<http://www.nytimes.com/2004/12/22/politics/22grants.html?th=&pagewanted=print&position=>

The New York Times

December 22, 2004

Big Cities Will Get More in Antiterrorism Grants
 By ERIC LIPTON


ASHINGTON, Dec. 21 - Responding to repeated calls from big-city mayors, the
Department of Homeland Security is shifting a larger share of its annual
$3.5 billion in antiterrorism grants to the nation's largest cities,
allowing them to accelerate purchases of equipment and training needed to
better defend against - or at least rapidly respond to - an attack.

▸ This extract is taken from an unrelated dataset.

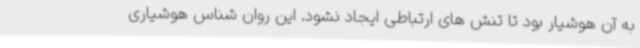
به آن هوشیار بود تا تنش های ارتباطی ایجاد نشود. این روان شناس هوشیاری
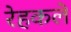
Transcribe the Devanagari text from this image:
रेहकले

 The biggest beneficiary of the shift is New York City, which has been
awarded a $208 million grant for the 2005 fiscal year, compared with $47
million in the 2004 fiscal year, which ended on Sept. 30. That should allow
the city to buy more devices that can detect chemical, biological or other
hazards, increase training for its police and firefighters and spend more
money on an intelligence center where it analyzes possible terrorist
threats, one state official said.

Los Angeles, Washington, Chicago and Boston also are getting larger grants,
although the increase is not nearly as substantial as in New York.

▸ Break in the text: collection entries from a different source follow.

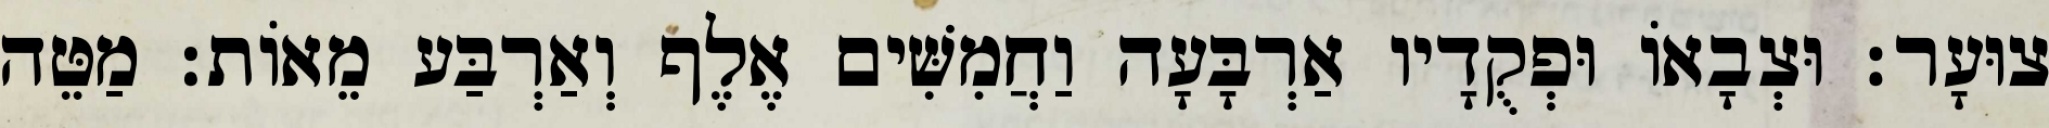
צוּעָר׃ וּצְבָאוֹ וּפְקֻדָיו אַרְבָּעָה וַחֲמִשִּׁים אֶלֶף וְאַרְבַּע מֵאוֹת׃ מַטֵּה
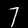
Label: 7
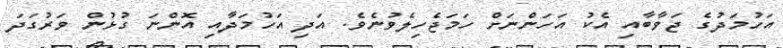
އަހުމަދުގެ ޖަވާބާއި އެކު އަހަންނަށް ހަމަޖެހިލެވުނެވެ. އަދި އަހުމަދާއި އޮންނަ ގުޅުން ވަރުގަދަ
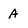
Character: A
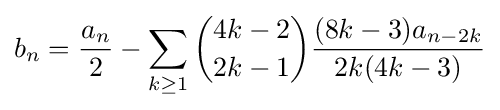
b_{n}={\frac {a_{n}}{2}}-\sum _{k\geq 1}{\binom {4k-2}{2k-1}}{\frac {(8k-3)a_{n-2k}}{2k(4k-3)}}
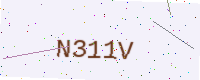
Text: N311V
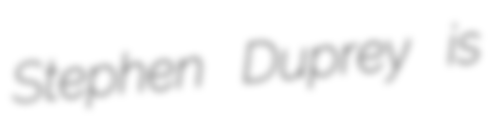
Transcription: Stephen Duprey is
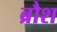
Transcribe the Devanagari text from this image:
ब्रौश
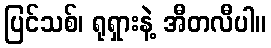
ပြင်သစ်၊ ရုရှားနဲ့ အီတလီပါ။
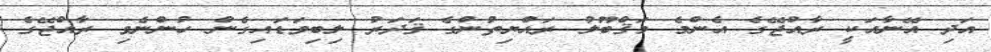
އަދި އޭނާއަކީ ރާއްޖޭގެ އެންމެ މަޤްބޫލު ރައްޔިތުންގެ ޤަދަރު ލިބިވަޑައިގެން ހުންނެވި ރާއްޖޭގެ
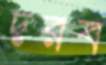
দরব

"We've been protecting the nation's financial and communications center on
our own dime," said Raymond W. Kelly, New York City's police commissioner.
"It's a national responsibility."

Proponents of the shift say they hope it is only a first step in a more
fundamental revamping of homeland security grants. But the change has
evoked protests from cities that have dropped off the list or whose
allocations have shrunk, including Orlando, Fla.; Memphis; and New Haven.

 "We are at the crossroads of America, for cars, for trains, for river
traffic," said Claude Talford, director of emergency management services in
the Memphis area, which received a $10 million grant for 2004 but is not
slated to get any direct grant in 2005. "We are a prime location, a prime
target, any way you look at it."

Lobbying efforts are under way to try to reinstate financing to these
communities. But homeland security officials said the grant allocations
were final.

 Two shifts in homeland security financing are resulting in the
reallocation of the grants. First, in the 2005 fiscal year, at the urging
of President Bush, a larger share of the grants will be distributed
directly to cities, instead of through a state program set up to ensure
that both urban and rural areas got a cut.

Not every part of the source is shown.